Hallucinations (the lies that generative ai models basically tell) are a big problem for companies looking to integrate the technology into their operations.
Because the models have no real intelligence and simply predict words, images, speech, music and other data according to a private scheme, they sometimes get it wrong. Very badly. In a recent article in The Wall Street Journal, a tech/ai/early-adopters-of-microsofts-ai-bot-wonder-if-its-worth-the-money-2e74e3a2″ target=”_blank” rel=”noopener”>fountain recounts a case where Microsoft's generative ai invented meeting attendees and implied that conference calls were about topics that weren't actually discussed on the call.
As I wrote a while ago, hallucinations can be an unsolvable problem with current transformer-based model architectures. But several generative ai vendors suggest that can be eliminated, more or less, through a technical approach called recovery augmented generation, or RAG.
This is how a salesman, Squirro, throws it:
At the heart of the offering is the concept of Retrieval Augmented LLM or Retrieval Augmented Generation (RAG) integrated into the solution… (our generative ai) is unique in its promise of zero hallucinations. Every piece of information you generate can be traced back to a source, ensuring credibility.
Here is a stocks/article/newsdirect-2024-4-3-ai-platform-sifthub-raises-55m-as-it-rescues-sales-and-presales-teams-from-repetitive-tasks” target=”_blank” rel=”noopener”>similar tone from SiftHub:
Using RAG technology and large language models fine-tuned with industry-specific knowledge training, SiftHub enables businesses to generate custom responses without hallucinations. This ensures greater transparency and reduced risk and inspires complete confidence to use ai for all your needs.
RAG was started by data scientist Patrick Lewis, a researcher at Meta and University College London, and lead author of the 2020 study. paper who coined the term. Applied to a model, RAG retrieves documents possibly relevant to a question (for example, a Wikipedia page about the Super Bowl) using what is essentially a keyword search and then asks the model to generate answers given this additional context.

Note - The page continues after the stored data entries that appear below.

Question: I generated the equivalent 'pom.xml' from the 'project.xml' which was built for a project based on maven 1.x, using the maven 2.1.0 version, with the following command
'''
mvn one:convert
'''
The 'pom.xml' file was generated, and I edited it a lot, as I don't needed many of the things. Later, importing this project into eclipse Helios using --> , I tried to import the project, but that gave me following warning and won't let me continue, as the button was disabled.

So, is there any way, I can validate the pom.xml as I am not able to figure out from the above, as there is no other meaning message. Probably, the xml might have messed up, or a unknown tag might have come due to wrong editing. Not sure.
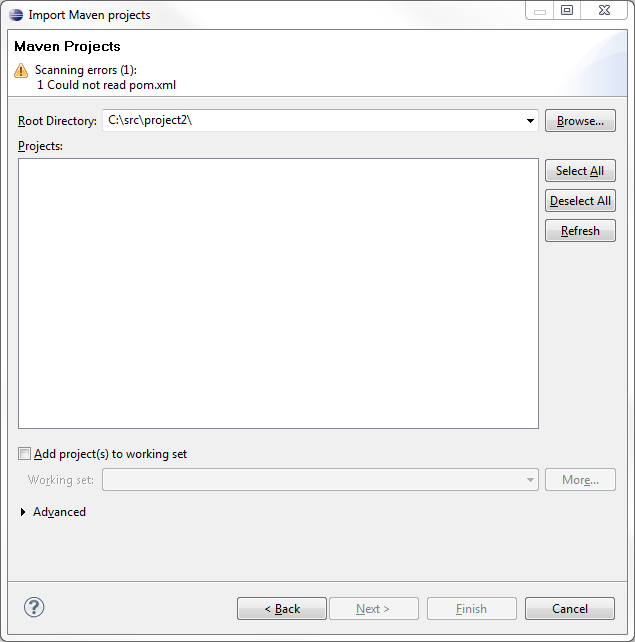
Answer: The pom.xml is a XML Document after all.
Its 'header' has some extra tags for Schema Validation, so any regular Validating Editor could work (actually, even browsers - including IE -, are able to validate your pom.xml for crude XML Errors)
Why don't you simply open the pom.xml from Eclipse as a regular XML file?
(Hint: Copy/Paste into an existing project, perhaps under a different name, then in Project Explorer, Right Click the pom. Select "Open With" | "XML Editor")
Chances are that it will grab 80% of the problems.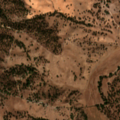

“When you interact with a generative ai model like ChatGPT or Llama and ask a question, the default is for the model to respond from its 'parametric memory', that is, from the knowledge stored in its parameters as a result of training on massive data from the web,” explained David Wadden, a research scientist at AI2, the ai-focused research arm of the nonprofit Allen Institute. “But, just as you are likely to give more accurate answers if you have a reference (such as a book or file) in front of you, the same is true in some cases with models.”
RAG is undeniably useful: it allows you to attribute things generated by a model to recovered documents to verify their veracity (and, as a bonus, avoid potentially copyright-infringing regurgitation). RAG also allows companies that do not want their documents used to train a model (for example, companies in highly regulated industries such as healthcare and law) to allow models to rely on those documents in a more secure and temporary.
But RAG certainly can not prevent a model from having hallucinations. And it has limitations that many providers overlook.
Wadden says RAG is most effective in “knowledge-intensive” scenarios where a user wants to use a model to address an “information need” (for example, to find out who won the Super Bowl last year). In these scenarios, the document answering the question is likely to contain many of the same keywords as the question (e.g., “Super Bowl,” “last year”), making it relatively easy to find using a keyword search.
Things get more complicated with “intensive reasoning” tasks like coding and mathematics, where it is harder to specify in a keyword-based search query the concepts needed to answer a request, let alone identify which documents might be relevant.
Even with basic questions, models can get “distracted” by irrelevant content in documents, especially in long documents where the answer is not obvious. Or they may, for reasons still unknown, simply ignore the contents of the recovered documents and choose to rely on their parametric memory.
RAG is also expensive in terms of the hardware needed to apply it at scale.
This is because documents retrieved, whether from the web, an internal database, or elsewhere, must be stored in memory (at least temporarily) so that the model can query them. Another expense is calculating the augmented context that a model has to process before generating its response. For a technology that is already famous for the amount of computing and electricity it requires for even basic operations, this amounts to a serious consideration.
That's not to say RAG can't be improved. Wadden highlighted many ongoing efforts to train models to make better use of documents recovered from the RAG.
Some of these efforts involve models that can “decide” when to make use of documents, or models that can choose not to perform retrieval in the first place if they deem it unnecessary. Others focus on ways to more efficiently index massive document data sets and improve search through better representations of documents, representations that go beyond keywords.
“We're pretty good at retrieving documents based on keywords, but not so good at retrieving documents based on more abstract concepts, such as a proof technique needed to solve a mathematical problem,” Wadden said. “Research is needed to build document representations and search techniques that can identify relevant documents for more abstract generation tasks. “I think this is an open question at this point.”
So RAG can help reduce a model's hallucinations, but it's not the answer to all of ai's hallucinatory problems. Be wary of any provider who tries to claim otherwise.